SD = 16.00, range = 103, (1 pts)

25th percentile: nk/100 = 462*25/100 = 115.5 (round up) = 116, x[116] = 76

75th percentile: nk/100 = 462*75/100 = 346.5 (round up) = 347, x[347] = 98

so interquartile range = 98 - 76 = 22 (1 pts)

(b) (2 pts)

Chebychev's inequality says: at least (1 - (1/k)^2 ) of the measurements lie within k SDs of the mean.

With k =2, 2 SDs either way from the mean is the interval 87.94 +/- 2*16 = [55.94, 119.94], while (1 - (1/2)^2) = .75, so at least 75% of the measurments will be within the interval [55.94, 119.94]. (1 pts)

With k =3, 3 SDs either way from the mean is the interval is 87.94 +/- 3*16 = [39.94, 135.94], while (1 - (1/2)^3) = .89, so at least 89% of the measurments will be within the interval [39.94, 135.94]. (1 pts)

(c) (3 pts)

According to the empirical rule, you would expect:

Approximately 95% of the measurements lie within 2 SDs of the mean; almost all of the measurements lie within 3 SDs of the mean. (1 pts)

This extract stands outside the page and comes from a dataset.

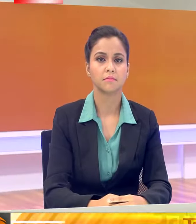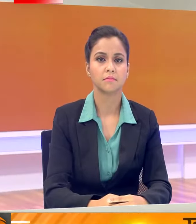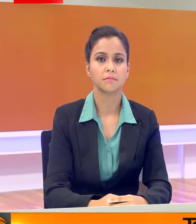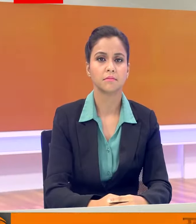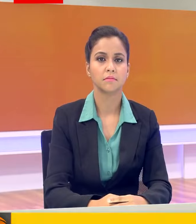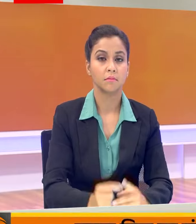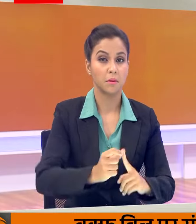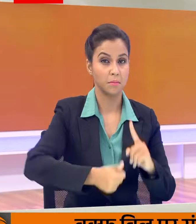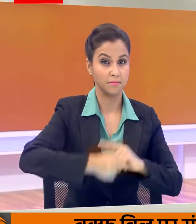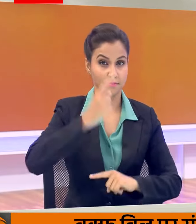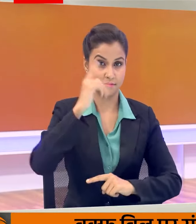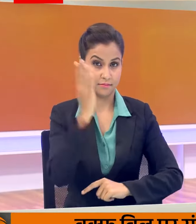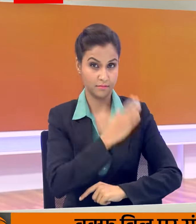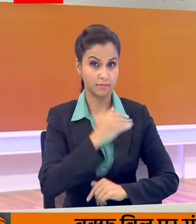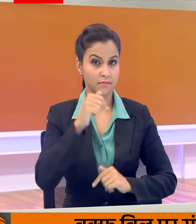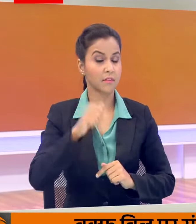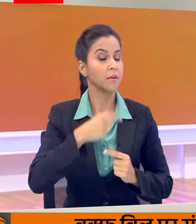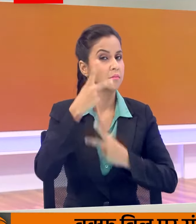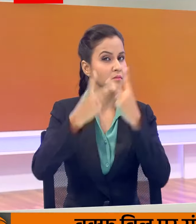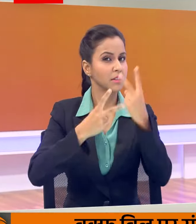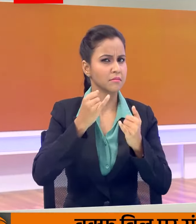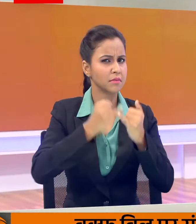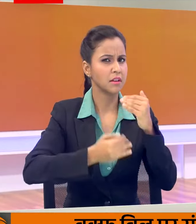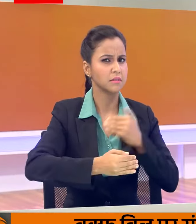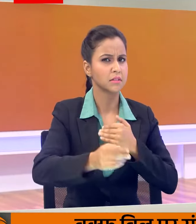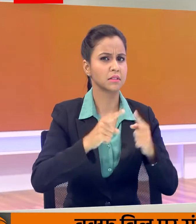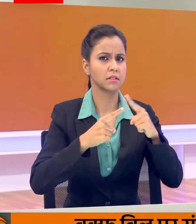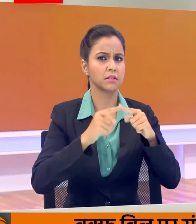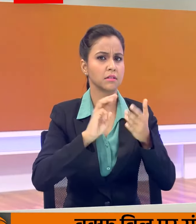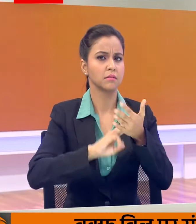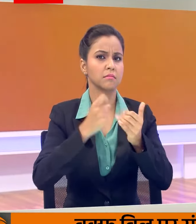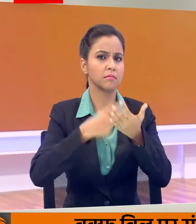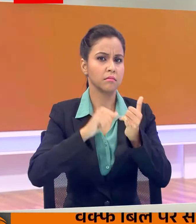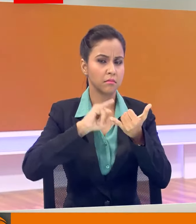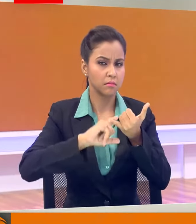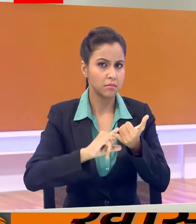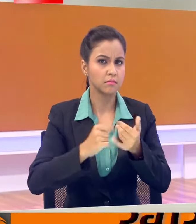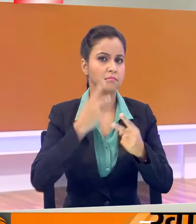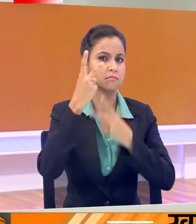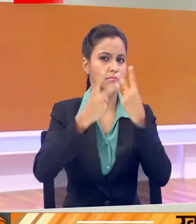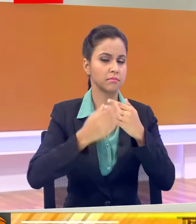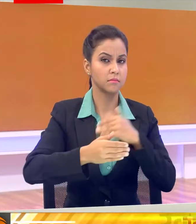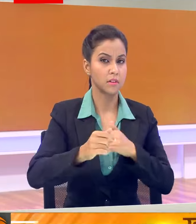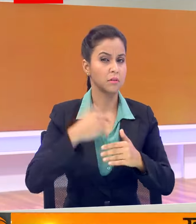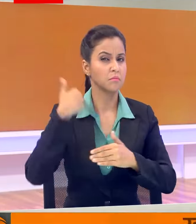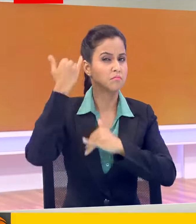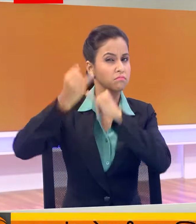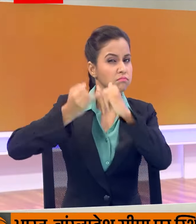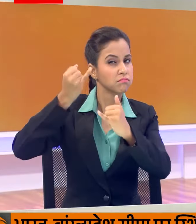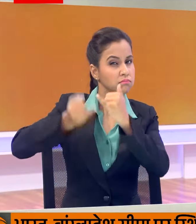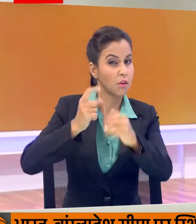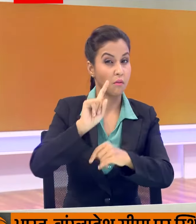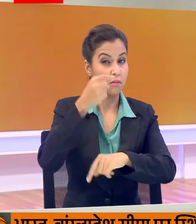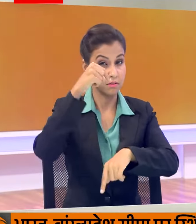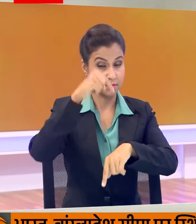राश्ट्रपती द्रौदीव मुर्मू अपनी यात्रा के अंतिम चरन में तिमौर लिस्ते की राज्गी यात्रा पर रहेंगी ये एतिहासिक यात्रा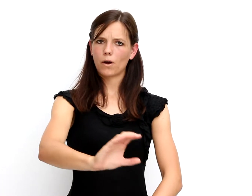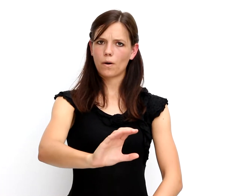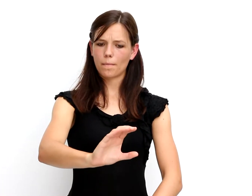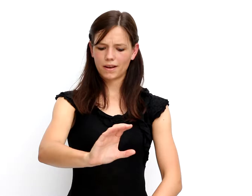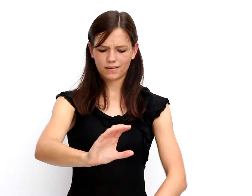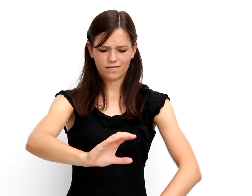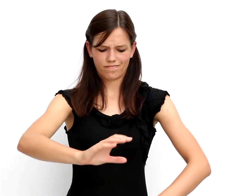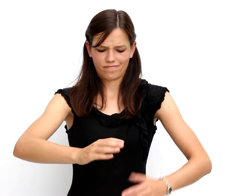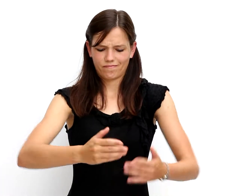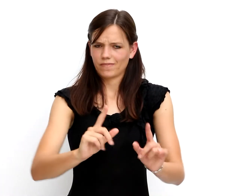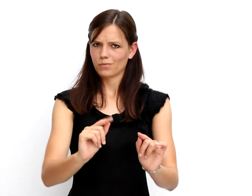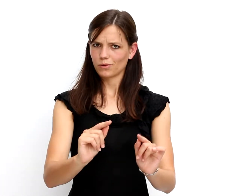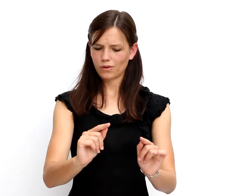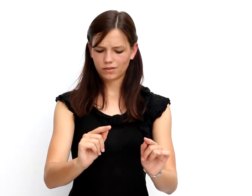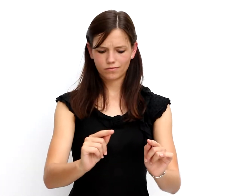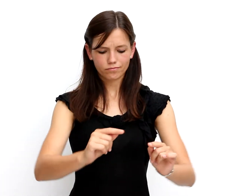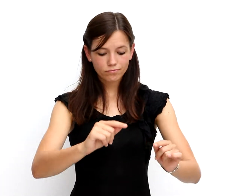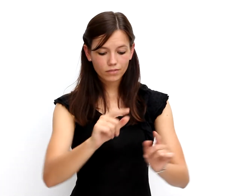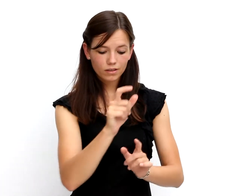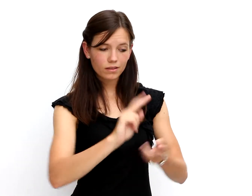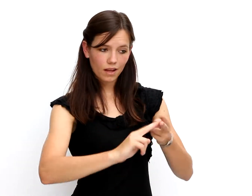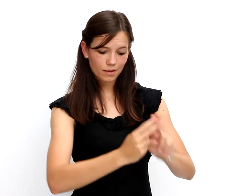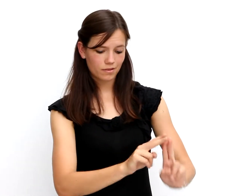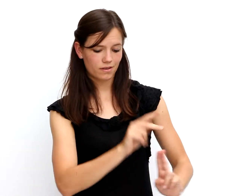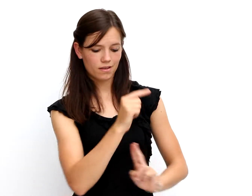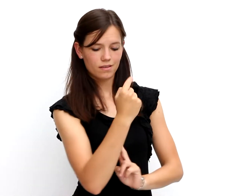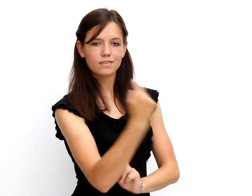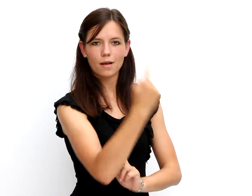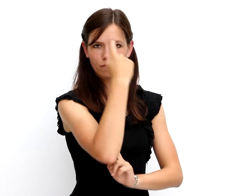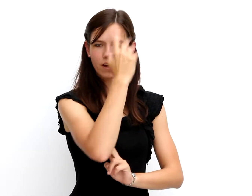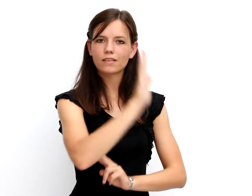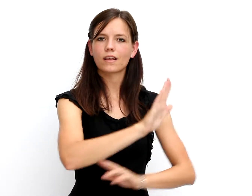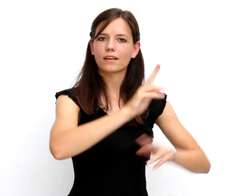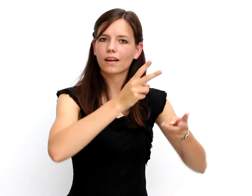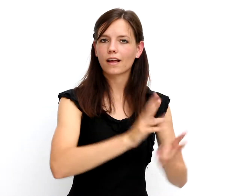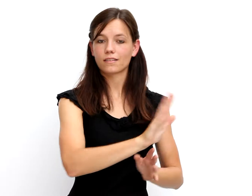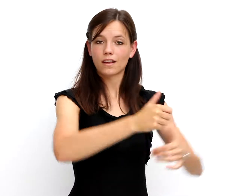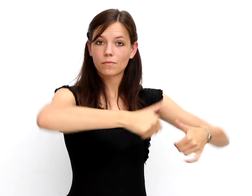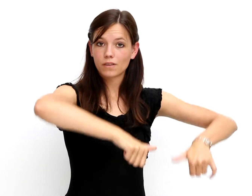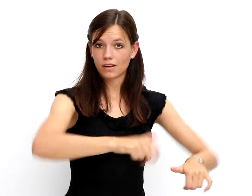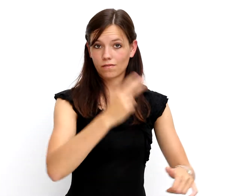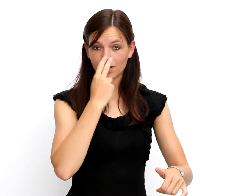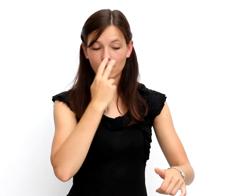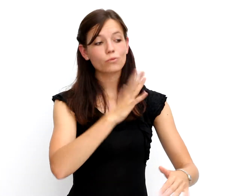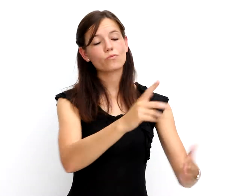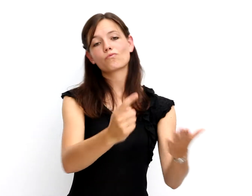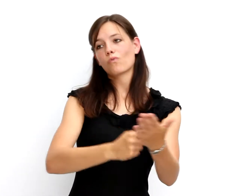Empowerment bedeutet, dass die Teilnehmer über ihre Pflichten und Rechte Bescheid wissen und diese auch einfordern können.

The facts about this data set:

98% of the 462 measurements lie within 2 SDs of the mean; 99% of the 462 measurements lie within 3 SDs of the mean. (2 pts)

(d) (2 pts)

From (b) and © we see that the empirical rule does a better job of summarizing these serum zinc levels than Chebychev's inequality. (1 pts)

Why? Because: (1 pts)

Chebychev's inequality is a more conservative statement and is true for any data set regardless of the shape of the distribution, thus is less specific;

The empirical rule is more specific and is a good approximation when the distribution is nimodal and roughly symmetric.

In this case the distribution of the data is not terribly far from being symmetric, so the empirical can be applied here and it gives us a more precise and better summary of the data.